--- Work required ---
A single number is the answer here: the count of lines in the data below that include the word "latitude".

______

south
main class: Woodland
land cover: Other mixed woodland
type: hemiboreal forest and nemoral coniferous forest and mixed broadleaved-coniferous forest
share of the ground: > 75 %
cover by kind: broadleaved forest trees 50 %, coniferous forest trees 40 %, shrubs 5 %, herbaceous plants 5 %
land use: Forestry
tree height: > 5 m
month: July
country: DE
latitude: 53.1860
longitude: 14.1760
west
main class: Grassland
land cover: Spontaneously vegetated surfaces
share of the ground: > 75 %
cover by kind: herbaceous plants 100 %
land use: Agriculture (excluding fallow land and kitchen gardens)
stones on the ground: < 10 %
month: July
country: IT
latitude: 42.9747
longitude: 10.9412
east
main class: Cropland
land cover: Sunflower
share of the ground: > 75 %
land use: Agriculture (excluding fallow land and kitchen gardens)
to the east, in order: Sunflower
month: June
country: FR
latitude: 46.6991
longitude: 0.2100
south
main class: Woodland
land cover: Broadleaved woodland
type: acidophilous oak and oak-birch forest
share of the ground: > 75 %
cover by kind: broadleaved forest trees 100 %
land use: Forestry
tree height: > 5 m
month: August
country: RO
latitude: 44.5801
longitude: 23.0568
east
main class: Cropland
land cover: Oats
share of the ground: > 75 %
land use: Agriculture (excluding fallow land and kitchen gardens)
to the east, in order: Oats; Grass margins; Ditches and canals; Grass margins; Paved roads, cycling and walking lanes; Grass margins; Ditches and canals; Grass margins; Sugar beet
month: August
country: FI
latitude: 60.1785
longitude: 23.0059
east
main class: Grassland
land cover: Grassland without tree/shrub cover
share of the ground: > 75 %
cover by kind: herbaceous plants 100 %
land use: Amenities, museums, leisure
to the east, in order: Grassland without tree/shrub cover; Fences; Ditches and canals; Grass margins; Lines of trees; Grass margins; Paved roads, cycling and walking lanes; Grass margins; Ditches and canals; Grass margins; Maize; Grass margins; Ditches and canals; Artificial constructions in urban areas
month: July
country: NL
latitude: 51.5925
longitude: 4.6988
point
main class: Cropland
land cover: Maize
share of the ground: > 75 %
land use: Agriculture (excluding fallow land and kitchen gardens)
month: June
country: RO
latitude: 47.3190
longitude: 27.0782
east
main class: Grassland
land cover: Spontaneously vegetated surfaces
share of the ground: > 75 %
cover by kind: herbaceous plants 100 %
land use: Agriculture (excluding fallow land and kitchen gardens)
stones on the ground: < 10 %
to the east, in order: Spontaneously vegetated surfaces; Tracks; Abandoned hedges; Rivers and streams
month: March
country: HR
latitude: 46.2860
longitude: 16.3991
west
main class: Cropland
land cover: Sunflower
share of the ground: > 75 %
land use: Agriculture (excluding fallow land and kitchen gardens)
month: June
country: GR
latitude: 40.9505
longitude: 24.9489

______

--- Your response ---
9